### WORK TO BE COMPLETED
In the material below, find each line with the string "italic" and copy it.

### TASK DATA
[Start of Attachment]
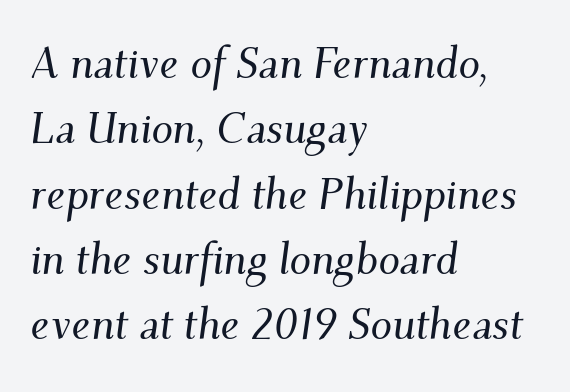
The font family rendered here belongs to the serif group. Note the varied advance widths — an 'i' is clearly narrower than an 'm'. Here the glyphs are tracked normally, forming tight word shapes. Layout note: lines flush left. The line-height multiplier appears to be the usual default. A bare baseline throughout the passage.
[End of Attachment]
[Start of Attachment]
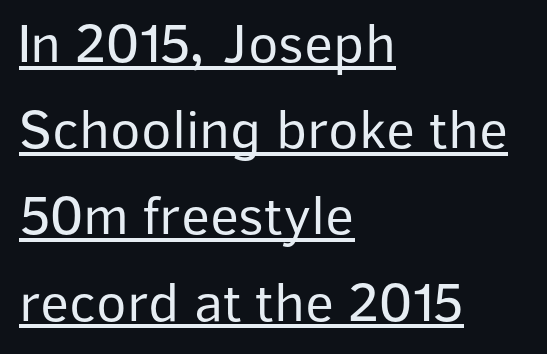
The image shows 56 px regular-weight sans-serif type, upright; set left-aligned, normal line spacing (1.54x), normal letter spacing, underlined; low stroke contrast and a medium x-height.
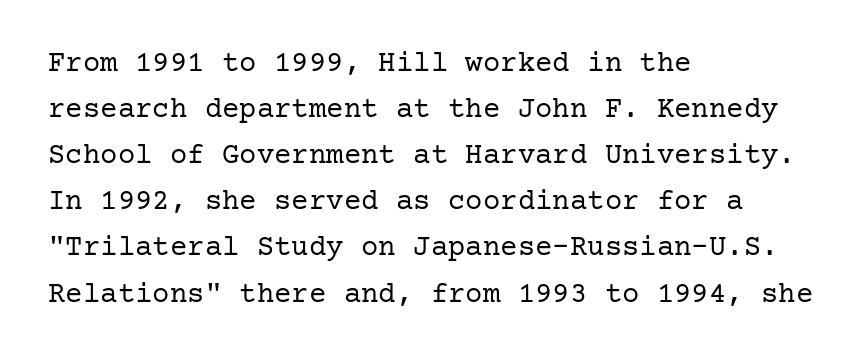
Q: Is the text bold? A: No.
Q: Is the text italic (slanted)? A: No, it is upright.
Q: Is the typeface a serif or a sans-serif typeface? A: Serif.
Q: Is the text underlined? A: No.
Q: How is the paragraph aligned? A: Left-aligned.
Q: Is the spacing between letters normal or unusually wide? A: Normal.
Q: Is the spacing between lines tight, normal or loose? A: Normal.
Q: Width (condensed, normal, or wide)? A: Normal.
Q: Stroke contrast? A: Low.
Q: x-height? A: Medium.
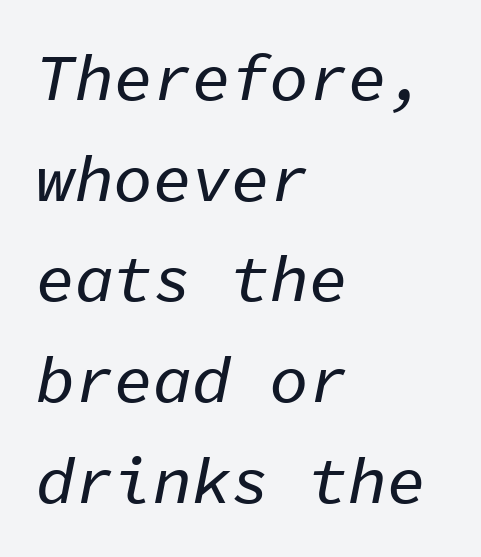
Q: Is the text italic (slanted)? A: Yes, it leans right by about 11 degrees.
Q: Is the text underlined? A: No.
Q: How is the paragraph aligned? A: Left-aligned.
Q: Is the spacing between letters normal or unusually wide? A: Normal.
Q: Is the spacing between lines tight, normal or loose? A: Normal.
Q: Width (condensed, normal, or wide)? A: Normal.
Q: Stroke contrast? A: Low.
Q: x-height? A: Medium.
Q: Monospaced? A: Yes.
[End of Attachment]
### EXPECTED ANSWER
Q: Is the text italic (slanted)? A: No, it is upright.
Q: Is the text italic (slanted)? A: Yes, it leans right by about 11 degrees.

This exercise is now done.